Pitici Felicia, Beveridge David L, Baranger Anne M
Chemistry Department and Molecular Biophysics Program, Wesleyan University, Middletown, CT 06459, USA.
Biopolymers. 2002 Dec 15;65(6):424-35. doi: 10.1002/bip.10251.
Molecular dynamics (MD) simulations on stem loop 2 of U1 small nuclear RNA and a construct of the U1A protein were carried out to obtain predictions of the structures for the unbound forms in solution and to elucidate dynamical aspects of induced fit upon binding. A crystal structure of the complex between the U1A protein and stem loop 2 RNA and an NMR structure for the uncomplexed form of the U1A protein are available from Oubridge et al. (Nature, 1994, Vol. 372, pp. 432-438) and Avis et al. (Journal of Molecular Biology, 1996, Vol. 257, pp. 398-411), respectively. As a consequence, U1A-RNA binding is a particularly attractive case for investigations of induced fit in protein-nucleic acid complexation. When combined with the available structural data, the results from simulations indicate that structural adaptation of U1A protein and RNA define distinct mechanisms for induced fit. For the protein, the calculations indicate that induced fit upon binding involves a non-native thermodynamic substate in which the structure is preorganized for binding. In contrast, induced fit of the RNA involves a distortion of the native structure in solution to an unstable form. However, the RNA solution structures predicted from simulation show evidence that structures in which groups of bases are favorably oriented for binding the U1A protein are thermally accessible. These results, which quantify with computational modeling recent proposals on induced fit and conformational capture by Leuillot and Varani (Biochemistry, 2001, Vol. 40, pp. 7947-7956) and by Williamson (Nature Structural Biology, 2000, Vol. 7, pp. 834-837) suggest an important role for intrinsic molecular architecture and substates other than the native form in the specificity of protein-RNA interactions.

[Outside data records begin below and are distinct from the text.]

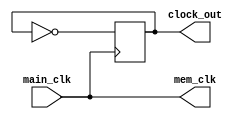
`default_nettype none

module clock_and_mem_clock(
    input main_clk, 
    output reg clock_out, 
    output wire mem_clk
);
    //  main_clk  clock_out  mem_clk
    //  CPU  CPU 

    assign mem_clk = main_clk;
    //  mem_clk
    
    initial
    begin
        clock_out <= 1'b0;
    end
    
    always @ (posedge main_clk)
    begin
        clock_out <= !clock_out;
        // 
    end
    
endmodule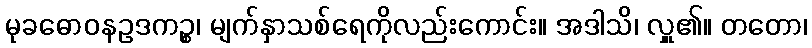
မုခဓောဝနဥဒကဉ္စ၊ မျက်နှာသစ်ရေကိုလည်းကောင်း။ အဒါသိ၊ လှူ၏။ တတော၊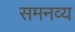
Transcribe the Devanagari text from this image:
समनव्य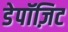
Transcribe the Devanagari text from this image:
डेपॉज़िट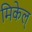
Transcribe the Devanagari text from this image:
मिकेल्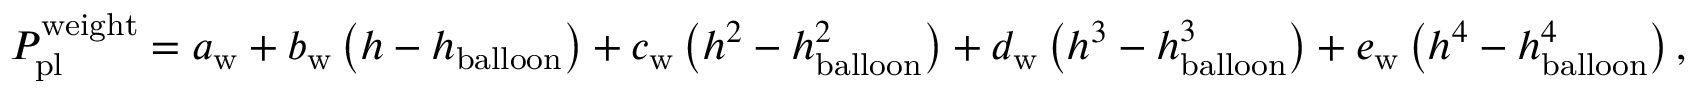
\begin{array} { r } { P _ { \mathrm { p l } } ^ { \mathrm { w e i g h t } } = a _ { \mathrm { w } } + b _ { \mathrm { w } } \left( h - h _ { \mathrm { b a l l o o n } } \right) + c _ { \mathrm { w } } \left( h ^ { 2 } - h _ { \mathrm { b a l l o o n } } ^ { 2 } \right) + d _ { \mathrm { w } } \left( h ^ { 3 } - h _ { \mathrm { b a l l o o n } } ^ { 3 } \right) + e _ { \mathrm { w } } \left( h ^ { 4 } - h _ { \mathrm { b a l l o o n } } ^ { 4 } \right) , } \end{array}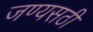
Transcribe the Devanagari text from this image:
जण्यसठी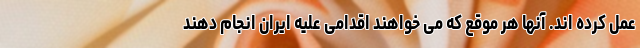
عمل کرده اند. آنها هر موقع که می خواهند اقدامی علیه ایران انجام دهند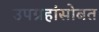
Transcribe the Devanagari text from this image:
उपग्रहांसोबत

对U1小核RNA的茎环2和U1A蛋白构建体进行了分子动力学(MD)模拟,以获得溶液中未结合形式的结构预测,并阐明结合时诱导契合的动力学方面。U1A蛋白与茎环2 RNA复合物的晶体结构以及U1A蛋白未复合形式的NMR结构分别可从Oubridge等人(《自然》,1994年,第372卷,第432 - 438页)和Avis等人(《分子生物学杂志》,1996年,第257卷,第398 - 411页)处获得。因此,U1A - RNA结合是研究蛋白质 - 核酸复合中诱导契合的一个特别有吸引力的案例。结合现有的结构数据,模拟结果表明U1A蛋白和RNA的结构适应性定义了诱导契合的不同机制。对于蛋白质,计算表明结合时的诱导契合涉及一种非天然热力学亚状态,其中结构为结合而预先组织。相比之下,RNA的诱导契合涉及溶液中天然结构向不稳定形式的扭曲。然而,模拟预测的RNA溶液结构显示出证据,即碱基基团以有利于结合U1A蛋白的方向排列的结构在热动力学上是可及的。这些结果通过计算建模量化了Leuillot和Varani(《生物化学》,2001年,第40卷,第7947 - 7956页)以及Williamson(《自然结构生物学》,2000年,第7卷,第834 - 837页)最近关于诱导契合和构象捕获的提议,表明除天然形式外,内在分子结构和亚状态在蛋白质 - RNA相互作用特异性中起重要作用。